===== DATASET CONTENT =====

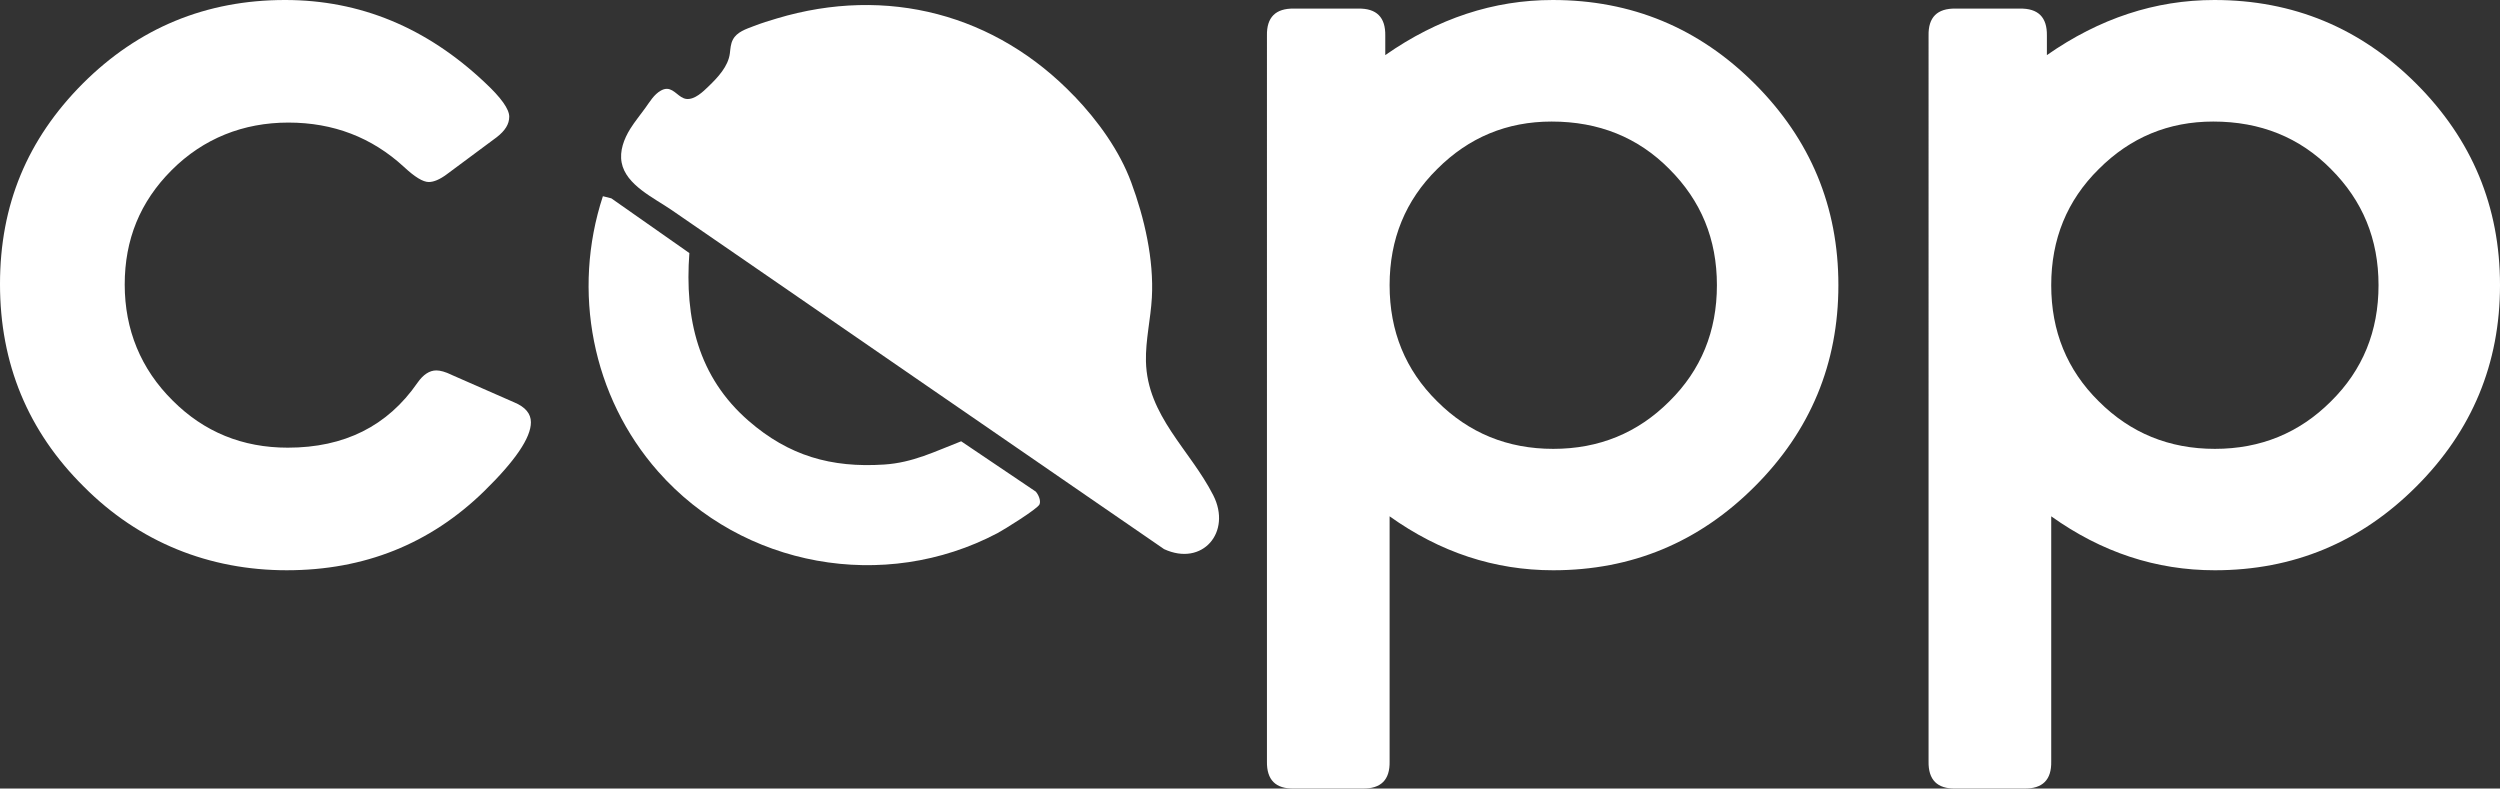 <svg viewBox="0 0 317.14 100.03" xmlns="http://www.w3.org/2000/svg" data-name="Layer 2" id="Layer_2">
  <rect x="0" y="0" width="317.14" height="100.03" fill="#333333" stroke="none"/>
  <defs>
    <style>
      .cls-1 {
        fill: #fff;
      }
    </style>
  </defs>
  <g data-name="Layer 1" id="Layer_1-2">
    <g>
      <g>
        <path d="M57.28,47.55l7.95,3.49c1.42.59,2.12,1.44,2.12,2.53,0,1.96-1.99,4.89-5.96,8.77-6.85,6.67-15.19,10-25.01,10s-18.73-3.54-25.76-10.62C3.54,54.7,0,46.13,0,36.04S3.49,17.65,10.48,10.62C17.56,3.54,26.13,0,36.17,0c9.5,0,17.95,3.49,25.35,10.48,2.06,1.92,3.08,3.36,3.08,4.32s-.53,1.78-1.58,2.6l-6.37,4.73c-.87.64-1.62.96-2.26.96-.73,0-1.78-.64-3.15-1.92-4.07-3.74-8.95-5.62-14.66-5.62s-10.78,2.01-14.8,6.03-5.96,8.82-5.96,14.52,2.03,10.71,6.1,14.73c3.97,3.97,8.84,5.96,14.59,5.96,7.17,0,12.65-2.74,16.44-8.22.73-1.05,1.53-1.58,2.4-1.58.5,0,1.14.18,1.92.55Z" class="cls-1"></path>
        <path d="M176.28,65.5v31.1c.05,2.33-1.1,3.47-3.43,3.43h-8.7c-2.33.05-3.47-1.1-3.43-3.43V4.52c-.05-2.33,1.1-3.47,3.43-3.43h8.15c2.33-.04,3.47,1.1,3.43,3.43v2.47c6.67-4.66,13.75-6.99,21.24-6.99,10,0,18.54,3.54,25.62,10.62,7.08,7.08,10.62,15.6,10.62,25.55s-3.54,18.48-10.62,25.55c-7.08,7.08-15.6,10.62-25.56,10.62-7.45,0-14.36-2.28-20.76-6.85ZM196.83,15.42c-5.66,0-10.51,2.01-14.52,6.03-4.02,3.97-6.03,8.88-6.03,14.73s2.01,10.76,6.03,14.73c4.02,4.02,8.93,6.03,14.73,6.03s10.71-2.01,14.73-6.03c4.02-3.97,6.03-8.88,6.03-14.73s-2.01-10.71-6.03-14.73c-3.97-4.02-8.95-6.03-14.94-6.03Z" class="cls-1"></path>
        <path d="M260.21,65.5v31.1c.05,2.33-1.1,3.47-3.43,3.43h-8.7c-2.33.05-3.47-1.1-3.43-3.43V4.52c-.05-2.33,1.1-3.47,3.43-3.43h8.15c2.33-.04,3.47,1.1,3.43,3.43v2.47c6.67-4.66,13.75-6.99,21.24-6.99,10,0,18.54,3.54,25.62,10.62,7.08,7.08,10.62,15.6,10.62,25.55s-3.54,18.48-10.62,25.55c-7.08,7.08-15.6,10.62-25.56,10.62-7.45,0-14.36-2.28-20.76-6.85ZM280.76,15.42c-5.66,0-10.51,2.01-14.52,6.03-4.02,3.97-6.03,8.88-6.03,14.73s2.01,10.76,6.03,14.73c4.02,4.02,8.93,6.03,14.73,6.03s10.71-2.01,14.73-6.03c4.02-3.97,6.03-8.88,6.03-14.73s-2.01-10.71-6.03-14.73c-3.97-4.02-8.95-6.03-14.94-6.03Z" class="cls-1"></path>
      </g>
      <g>
        <path d="M136.31,12.22c2.96,3.1,5.69,6.86,7.19,10.91,1.68,4.53,2.89,9.8,2.62,14.64-.15,2.7-.81,5.37-.75,8.07.16,6.93,5.6,11.21,8.54,16.99,2.38,4.67-1.37,9.08-6.24,6.83l-2.67-1.84c-2.36-1.62-4.72-3.25-7.08-4.87-3.36-2.32-6.73-4.63-10.09-6.95-3.9-2.69-7.81-5.38-11.71-8.06s-7.96-5.48-11.93-8.22c-3.59-2.47-7.18-4.94-10.77-7.42l-8.21-5.65c-2.25-1.55-5.81-3.17-6.35-6.02-.28-1.48.29-2.99,1.08-4.27.58-.93,1.28-1.77,1.92-2.66.58-.8,1.09-1.71,1.98-2.21.24-.13.5-.23.77-.22.47.01.87.31,1.24.61s.75.61,1.21.67c1.06.13,2.14-.93,2.83-1.6,1.16-1.12,2.5-2.53,2.7-4.2.07-.59.1-1.2.38-1.72.5-.98,1.69-1.35,2.65-1.72s1.94-.68,2.93-.97c13.97-4.19,27.78-.55,37.75,9.88Z" class="cls-1"></path>
        <path d="M87.45,32.11c-.61,8.3,1.11,15.72,7.53,21.29,5.08,4.41,10.45,5.97,17.18,5.53,3.66-.24,6.43-1.66,9.77-2.95l9.46,6.38c.34.38.68,1.14.48,1.62-.23.56-4.5,3.21-5.33,3.65-14.38,7.58-32.34,4.33-43.05-7.81-8.39-9.51-10.96-22.89-7.01-34.93l1.07.27,9.91,6.95Z" class="cls-1"></path>
      </g>
    </g>
  </g>
</svg>

=====

Each entry above needs to be restated without a single word changed; skip the images.

 <svg viewBox="0 0 317.14 100.03" xmlns="http://www.w3.org/2000/svg" data-name="Layer 2" id="Layer_2">
  <rect x="0" y="0" width="317.14" height="100.03" fill="#333333" stroke="none"/>
  <defs>
    <style>
      .cls-1 {
        fill: #fff;
      }
    </style>
  </defs>
  <g data-name="Layer 1" id="Layer_1-2">
    <g>
      <g>
        <path d="M57.28,47.55l7.95,3.49c1.42.59,2.12,1.44,2.12,2.53,0,1.96-1.99,4.89-5.96,8.77-6.85,6.67-15.19,10-25.01,10s-18.73-3.54-25.76-10.62C3.54,54.7,0,46.13,0,36.04S3.49,17.65,10.48,10.62C17.56,3.54,26.13,0,36.17,0c9.5,0,17.95,3.49,25.35,10.48,2.06,1.92,3.08,3.36,3.08,4.32s-.53,1.78-1.58,2.6l-6.37,4.73c-.87.64-1.62.96-2.26.96-.73,0-1.78-.64-3.15-1.92-4.07-3.74-8.95-5.62-14.66-5.62s-10.78,2.01-14.8,6.03-5.96,8.82-5.96,14.52,2.03,10.71,6.1,14.73c3.97,3.97,8.84,5.96,14.59,5.96,7.17,0,12.65-2.74,16.44-8.22.73-1.05,1.53-1.58,2.4-1.58.5,0,1.14.18,1.92.55Z" class="cls-1"></path>
        <path d="M176.28,65.5v31.1c.05,2.33-1.1,3.47-3.43,3.43h-8.7c-2.33.05-3.47-1.1-3.43-3.43V4.52c-.05-2.33,1.1-3.47,3.43-3.43h8.15c2.33-.04,3.47,1.1,3.43,3.43v2.47c6.67-4.66,13.75-6.99,21.24-6.99,10,0,18.54,3.54,25.62,10.62,7.08,7.08,10.62,15.6,10.62,25.55s-3.54,18.48-10.62,25.55c-7.08,7.08-15.6,10.62-25.56,10.62-7.45,0-14.36-2.28-20.76-6.85ZM196.83,15.42c-5.66,0-10.51,2.01-14.52,6.03-4.02,3.97-6.03,8.88-6.03,14.73s2.01,10.76,6.03,14.73c4.02,4.02,8.93,6.03,14.73,6.03s10.71-2.01,14.73-6.03c4.02-3.97,6.03-8.88,6.03-14.73s-2.01-10.71-6.03-14.73c-3.97-4.02-8.95-6.03-14.94-6.03Z" class="cls-1"></path>
        <path d="M260.21,65.5v31.1c.05,2.33-1.1,3.47-3.43,3.43h-8.7c-2.33.05-3.47-1.1-3.43-3.43V4.52c-.05-2.33,1.1-3.47,3.43-3.43h8.15c2.33-.04,3.47,1.1,3.43,3.43v2.47c6.67-4.66,13.75-6.99,21.24-6.99,10,0,18.54,3.54,25.62,10.62,7.08,7.08,10.62,15.6,10.62,25.55s-3.54,18.48-10.62,25.55c-7.08,7.08-15.6,10.62-25.56,10.62-7.45,0-14.36-2.28-20.76-6.85ZM280.76,15.42c-5.66,0-10.51,2.01-14.52,6.03-4.02,3.97-6.03,8.88-6.03,14.73s2.01,10.76,6.03,14.73c4.02,4.02,8.93,6.03,14.73,6.03s10.71-2.01,14.73-6.03c4.02-3.97,6.03-8.88,6.03-14.73s-2.01-10.71-6.03-14.73c-3.97-4.02-8.95-6.03-14.94-6.03Z" class="cls-1"></path>
      </g>
      <g>
        <path d="M136.31,12.22c2.96,3.1,5.69,6.86,7.19,10.91,1.68,4.53,2.89,9.8,2.62,14.64-.15,2.7-.81,5.37-.75,8.07.16,6.93,5.6,11.21,8.54,16.99,2.38,4.67-1.37,9.08-6.24,6.83l-2.67-1.84c-2.36-1.62-4.72-3.25-7.08-4.87-3.36-2.32-6.73-4.63-10.09-6.95-3.9-2.69-7.81-5.38-11.71-8.06s-7.96-5.48-11.93-8.22c-3.59-2.47-7.18-4.94-10.77-7.42l-8.21-5.65c-2.25-1.55-5.81-3.17-6.35-6.02-.28-1.48.29-2.99,1.08-4.27.58-.93,1.28-1.77,1.92-2.66.58-.8,1.09-1.71,1.98-2.21.24-.13.5-.23.77-.22.47.01.87.31,1.24.61s.75.61,1.21.67c1.06.13,2.14-.93,2.83-1.6,1.16-1.12,2.5-2.53,2.7-4.2.07-.59.1-1.2.38-1.72.5-.98,1.69-1.35,2.65-1.72s1.94-.68,2.93-.97c13.97-4.19,27.78-.55,37.75,9.88Z" class="cls-1"></path>
        <path d="M87.45,32.11c-.61,8.3,1.11,15.72,7.53,21.29,5.08,4.41,10.45,5.97,17.18,5.53,3.66-.24,6.43-1.66,9.77-2.95l9.46,6.38c.34.38.68,1.14.48,1.62-.23.56-4.5,3.21-5.33,3.65-14.38,7.58-32.34,4.33-43.05-7.81-8.39-9.51-10.96-22.89-7.01-34.93l1.07.27,9.91,6.95Z" class="cls-1"></path>
      </g>
    </g>
  </g>
</svg>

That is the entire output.